1. Field of the Invention
The present invention pertains to transparent glazing units, and more particularly to such glazing units having transparent coatings adapted to reduce solar transmittance and increase solar reflection for minimizing solar heat gain through the glazing unit. The coatings include electrically conducting components which permit optional heating of the glazing units.
2. Description of the Prior Art
It has long been recognized that transmission of solar energy through glass results in significant heat gain within glazed enclosures. In an effort to reduce this transmission of solar energy, and thus heat gain, so-called heat-absorbing glasses were developed wherein the solar energy outside of a particular bandwidth is absorbed by predetermined elements in the glass and reradiated as heat. With the advent of air conditioning, particularly in automobiles, reducing transmission of solar energy through the glazing units became increasingly important in order to minimize the load on the air conditioning systems.
In order to comply with Federal standards, it is important that automotive glass have a low total solar transmission, with relatively high transmission in the visible spectrum. The standards specify that automotive glass have Illuminant "A" Transmittance of at least seventy percent in the visible spectrum. Such a transmission level in the visible spectrum insures that drivers will be able to safely view objects outside the vehicle under all light conditions, including headlights of oncoming vehicles. To be deemed a heat absorbing glass, the total solar transmittance must not exceed fifty percent at the same glass thickness.
Heat absorbing glass is conventionally made by incorporating into the glass batch materials, additional iron so as to maintain in the glass following melting, refining and forming, an increased level of iron in the ferrous state. Such glass has a slightly greenish appearance. While such heat absorbing glass does exhibit lower solar transmission, it is not entirely effective in reducing heat gain behind the glazing unit. Thus, as the unit absorbs energy it becomes heated and consequently reradiates the absorbed energy both to the inside and the outside of the enclosed space. Energy reradiated to the enclosed space, as to a vehicle or building interior, becomes a solar heat gain which is added to the direct solar heat gain resulting from solar energy passing through the glass unabsorbed. As the amount of glass employed in building structures and vehicles increases in response to aesthetic and styling dictates, the solar heat gain also increases, resulting in increased air conditioning loads.

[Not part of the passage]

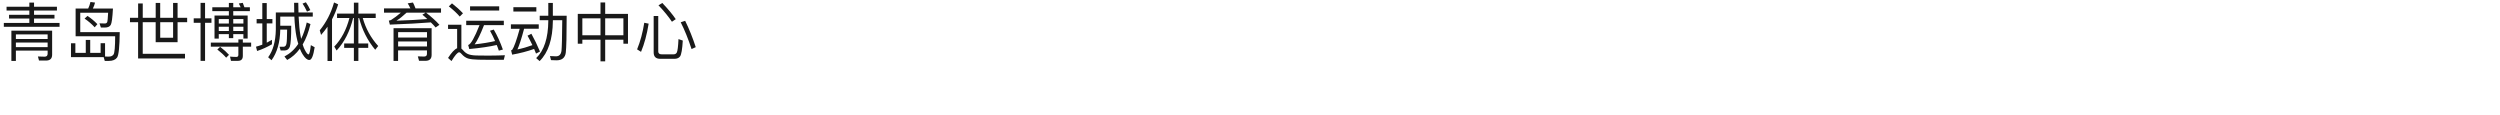 <?xml version="1.0" encoding="UTF-8"?><svg id="_图层_1" xmlns="http://www.w3.org/2000/svg" viewBox="0 0 1300 60"><defs><style>.cls-1{fill:none;}.cls-2{opacity:.9;}</style></defs><rect class="cls-1" width="1300" height="60"/><g class="cls-2"><path d="M15.26,3.49V1.35h2.44V3.49h11.91v1.98h-11.91v2.24h10.63v1.91h-10.63v2.31h13.27v2.01H1.99v-2.01H15.26v-2.31H4.7v-1.91H15.26v-2.24H3.41v-1.98H15.26Zm5.02,27.99l-.56-2.11,3.5,.1c1.02,0,1.55-.53,1.55-1.52v-1.62H8.26v5.35h-2.34V15.94H27.11v12.51c0,2.01-1.06,3.04-3.17,3.04h-3.66Zm4.49-11.19v-2.41H8.26v2.41H24.77Zm0,4.22v-2.38H8.26v2.38H24.77Z"/><path d="M52.32,22.47h2.31v6.93c.79,0,1.45,.03,1.98,.03,1.12,0,1.95-.4,2.44-1.12,.53-.83,.83-3.96,.83-9.44h-20.56V4.45h6.53c.53-1.12,.92-2.24,1.19-3.43l2.38,.33c-.26,1.12-.66,2.15-1.15,3.1h10.46c-.26,4.82-.63,7.66-1.16,8.52-.53,.89-1.55,1.35-3,1.35h-2.11l-.73-2.18c1.09,.03,2.05,.07,2.84,.07,.53,0,.92-.23,1.15-.66,.2-.43,.36-2.08,.5-4.92h-14.49v10.07h20.53c-.07,7.59-.53,12.01-1.39,13.23-.86,1.16-2.28,1.75-4.32,1.75h-2.08l-.56-1.98h-17v-7.2h2.28v4.98h5.41v-6.73h2.31v6.73h5.41v-5.02Zm-1.68-9.9l-1.39,1.62c-1.65-1.75-3.4-3.27-5.28-4.52l1.52-1.39c1.85,1.19,3.56,2.64,5.15,4.29Z"/><path d="M71.82,9.27V1.81h2.41v7.46h6.73V1.51h2.34v7.76h6.7V1.51h2.34v7.76h4.98v2.28h-4.98v10.4h-11.39V11.55h-6.73V27.98h21.98v2.41h-24.39V11.55h-4.22v-2.28h4.22Zm11.49,10.36h6.7V11.55h-6.7v8.09Z"/><path d="M104.29,9.53V1.48h2.34V9.53h3.33v2.31h-3.33V31.65h-2.34V11.85h-3.56v-2.31h3.56Zm19.67,12.61v-1.65h2.31v1.65h4.32v2.11h-4.32v4.82c0,1.72-.86,2.57-2.54,2.57h-3.63l-.5-2.21c1.16,.1,2.28,.17,3.33,.17,.66,0,1.02-.36,1.02-1.09v-4.26h-14.32v-2.11h14.32Zm-4.95-18.35V1.51h2.28V3.79h3.86c-.3-.73-.63-1.39-.96-1.98l2.05-.33c.3,.69,.59,1.45,.86,2.31h2.84v2.01h-8.65v2.28h7.49v11.95h-2.21v-2.28h-5.28v2.08h-2.28v-2.08h-5.25v2.31h-2.21V8.08h7.46v-2.28h-8.61V3.79h8.61Zm.07,24.72l-1.48,1.49c-1.12-1.32-2.64-2.74-4.59-4.26l1.45-1.39c1.85,1.39,3.37,2.77,4.62,4.16Zm-.07-16.27v-2.31h-5.25v2.31h5.25Zm0,3.89v-2.24h-5.25v2.24h5.25Zm2.28-3.89h5.28v-2.31h-5.28v2.31Zm0,3.89h5.28v-2.24h-5.28v2.24Z"/><path d="M136.4,9.93V1.58h2.31V9.93h2.94v2.24h-2.94v10.03c.92-.46,1.82-.96,2.71-1.49v2.31c-2.38,1.39-4.95,2.57-7.72,3.5l-.59-2.24c1.12-.3,2.24-.66,3.3-1.06V12.17h-2.97v-2.24h2.97Zm9.34,5.51c-.13,6.6-1.65,11.92-4.55,15.88l-1.75-1.55c2.54-3.43,3.86-8.19,3.99-14.32V6.47h9.57c-.07-1.58-.07-3.27-.07-5.02h2.18c0,1.78,.03,3.47,.1,5.02h7.43v2.15h-7.36c.2,4.09,.5,7.36,.96,9.74,.1,.66,.23,1.25,.36,1.85,1.22-2.48,2.18-5.31,2.9-8.52l1.95,.82c-.99,4.16-2.34,7.72-4.06,10.63,.33,1.12,.73,2.05,1.12,2.81,.79,1.55,1.45,2.34,1.91,2.34,.46-.03,.86-1.65,1.22-4.82l1.98,1.09c-.66,4.42-1.58,6.63-2.77,6.63-1.12,0-2.28-.99-3.5-2.97-.53-.83-.99-1.78-1.42-2.9-1.88,2.57-4.09,4.52-6.6,5.87l-1.42-1.81c2.87-1.49,5.28-3.66,7.19-6.57-.36-1.12-.66-2.34-.92-3.66-.56-2.81-.92-6.3-1.12-10.53h-7.33v4.75h5.71c0,5.94-.26,9.57-.73,10.89-.46,1.25-1.32,1.91-2.54,1.98h-2.24l-.59-1.95h2.28c.73-.07,1.15-.63,1.35-1.65,.2-1.06,.3-3.47,.33-7.26h-3.56v.07Zm15.64-10.17l-1.75,.76c-.73-1.58-1.48-2.97-2.31-4.16l1.75-.69c.89,1.29,1.65,2.64,2.31,4.09Z"/><path d="M166.96,18.15l-.69-2.38c3.43-4.22,5.91-9.04,7.43-14.49l2.15,.99c-.86,2.74-1.91,5.35-3.2,7.79V31.71h-2.34V13.89c-1.02,1.49-2.15,2.9-3.33,4.26Zm17.06-11.09V1.38h2.34V7.06h9.01v2.31h-6.73c1.52,5.45,4.19,10.3,8.02,14.56l-1.55,1.95c-4.03-4.88-6.83-10.4-8.35-16.5h-.4v13.23h5.12v2.28h-5.12v6.8h-2.34v-6.8h-5.05v-2.28h5.05V9.37h-.4c-1.65,6.87-4.52,12.51-8.58,16.9l-1.22-2.05c3.7-3.83,6.3-8.78,7.89-14.85h-6.44v-2.31h8.75Z"/><path d="M213.39,4.35c-.43-.96-.89-1.82-1.39-2.61l2.74-.43c.46,.89,.89,1.91,1.32,3.04h13.27v2.24h-7.76c3.04,2.41,5.35,4.52,6.93,6.3l-1.98,1.39c-.73-.86-1.55-1.75-2.48-2.64-5.48,.46-12.57,.83-21.32,1.16l-.53-2.08c.46-.07,.86-.2,1.16-.33,1.52-.92,3.23-2.21,5.08-3.8h-8.75v-2.24h13.7Zm-6.37,27.33h-2.38V14.65h19.8v13.9c0,2.05-1.06,3.07-3.17,3.07h-3.37l-.63-2.31,3.2,.1c1.02,0,1.55-.46,1.55-1.35v-1.85h-15.02v5.48Zm-.89-20.92c6.3-.2,11.65-.5,16.07-.86-.79-.76-1.65-1.52-2.57-2.24l1.65-1.06h-9.87c-1.91,1.78-3.66,3.17-5.28,4.16Zm15.91,5.94h-15.02v2.81h15.02v-2.81Zm-15.02,7.46h15.02v-2.61h-15.02v2.61Z"/><path d="M248.53,31.02c-2.08-.03-3.8-.23-5.12-.59-1.25-.4-2.41-1.22-3.43-2.41-.43-.56-.86-.82-1.25-.82-.79,0-2.11,1.52-3.96,4.55l-1.78-1.62c1.78-2.77,3.33-4.46,4.72-5.05V15.05h-4.72v-2.18h6.93v12.38c.26,.2,.5,.43,.76,.73,.79,.96,1.62,1.65,2.54,2.08,.99,.46,2.48,.73,4.39,.79,1.72,.03,3.83,.07,6.37,.07,1.58,0,3.2-.03,4.85-.07,1.58-.03,2.84-.07,3.73-.13l-.59,2.38h-7.66c-1.78,0-3.7-.03-5.78-.07Zm-7.79-24.09l-1.68,1.68c-1.39-1.65-3.27-3.4-5.68-5.31l1.65-1.55c2.24,1.75,4.16,3.47,5.71,5.18Zm21.25,3.86v2.28h-10.3c-1.82,4.69-3.43,8.02-4.88,10,4.29-.46,7.82-1.06,10.63-1.72-.79-1.85-1.68-3.63-2.64-5.35l1.95-.63c1.78,3.04,3.37,6.5,4.75,10.4l-2.11,.56c-.33-1.02-.69-2.01-1.09-2.94-3.63,.86-8.38,1.55-14.26,2.11l-.59-2.08c1.39-.4,3.33-3.86,5.91-10.36h-6.93v-2.28h19.57Zm-2.41-7.49v2.18h-15.15V3.3h15.15Z"/><path d="M280.15,12.64v2.31h-7.62c-1.32,5.02-2.48,8.58-3.47,10.76,2.61-.53,5.21-1.29,7.79-2.24-.86-1.78-1.68-3.4-2.54-4.92l2.01-.99c1.58,2.84,3.07,5.91,4.46,9.24l-2.05,1.06c-.33-.86-.66-1.65-.99-2.41-3.5,1.25-7.33,2.24-11.42,2.97l-.56-2.24c.23-.07,.4-.13,.53-.2,.99-1.35,2.31-5.02,3.96-11.02h-4.59v-2.31h14.49Zm-1.25-8.91v2.28h-11.95V3.73h11.95Zm8.58-2.21v6.67h7.19c0,10.33-.17,16.7-.46,19.14-.33,2.67-1.95,4.03-4.79,4.03-.56,0-1.52-.03-2.9-.1l-.53-2.11c1.19,.07,2.24,.13,3.14,.13,1.62,0,2.57-.96,2.84-2.84,.2-1.75,.33-7.06,.4-15.94h-4.88v.4c-.1,9.51-2.41,16.47-6.9,20.86l-1.78-1.55c4.13-3.99,6.24-10.43,6.3-19.31v-.4h-4.46v-2.31h4.46V1.51h2.38Z"/><path d="M314.7,1.28V7.22h11.85v15.51h-2.38v-2.08h-9.47v11.25h-2.44v-11.25h-9.44v2.08h-2.38V7.22h11.82V1.28h2.44Zm-2.44,17.06V9.53h-9.44v8.81h9.44Zm11.91,0V9.53h-9.47v8.81h9.47Z"/><path d="M337.3,12.31c-.92,5.68-2.24,10.56-3.96,14.65l-2.05-1.29c1.72-4.19,2.94-8.81,3.73-13.83l2.28,.46Zm6.04,18.28c-2.31,0-3.43-1.12-3.43-3.33V8.31h2.38V26.76c0,.99,.59,1.49,1.78,1.49h6.2c.79,0,1.35-.33,1.68-.96,.4-.79,.69-3.1,.86-6.96l2.24,.76c-.26,4.52-.73,7.26-1.42,8.25-.63,.83-1.62,1.25-2.94,1.25h-7.36Zm8.05-20.63l-1.98,1.35c-1.72-2.57-4.03-5.45-7-8.55l1.98-1.22c3.04,3.2,5.38,6.01,7,8.42Zm10.4,14.56l-2.18,.99c-1.72-5.25-3.6-9.9-5.64-13.93l2.31-.76c2.11,4.29,3.93,8.85,5.51,13.7Z"/></g></svg>

More recent efforts have been concentrated on reducing heat gain by increasing total solar reflection of the glass. Radiation from the sun which is reflected and not absorbed, does not result in a heat gain behind the glazing unit since it is neither transmitted through the unit nor absorbed thereby to be transformed into heat. To that end, it has been previously proposed to provide glazing units with various forms of filters exhibiting improved characteristics of solar reflection. The filters generally provide for high transmission over the visible portion of the solar spectrum and high reflection over the infrared portion. Recent filters of this nature for glazing units, and particularly for multi-layer automotive windshields, have included a stack of coatings comprising two or more materials deposited in alternate layers on the surface of a substrate, either the glass itself or a polyester base which is, in turn, laminated to a surface of the glazing unit. Generally the composition and the thickness of the layers are selected, and the stack is designed, to minimize the heat energy absorbed inside the glazed enclosure such as, for example, an automobile, by reducing solar transmittance and/or increasing solar reflection. However, it has been found that with the combinations of layer compositions and thicknesses employed heretofore, the glazing units exhibit an objectionable visible reflectance and color which often clash with the setting in which they are utilized. There has not been available a glazing unit having a multi-layer coating possessing the desired features of reduced visible reflectance, low total solar transmittance, high solar reflection and compatible color.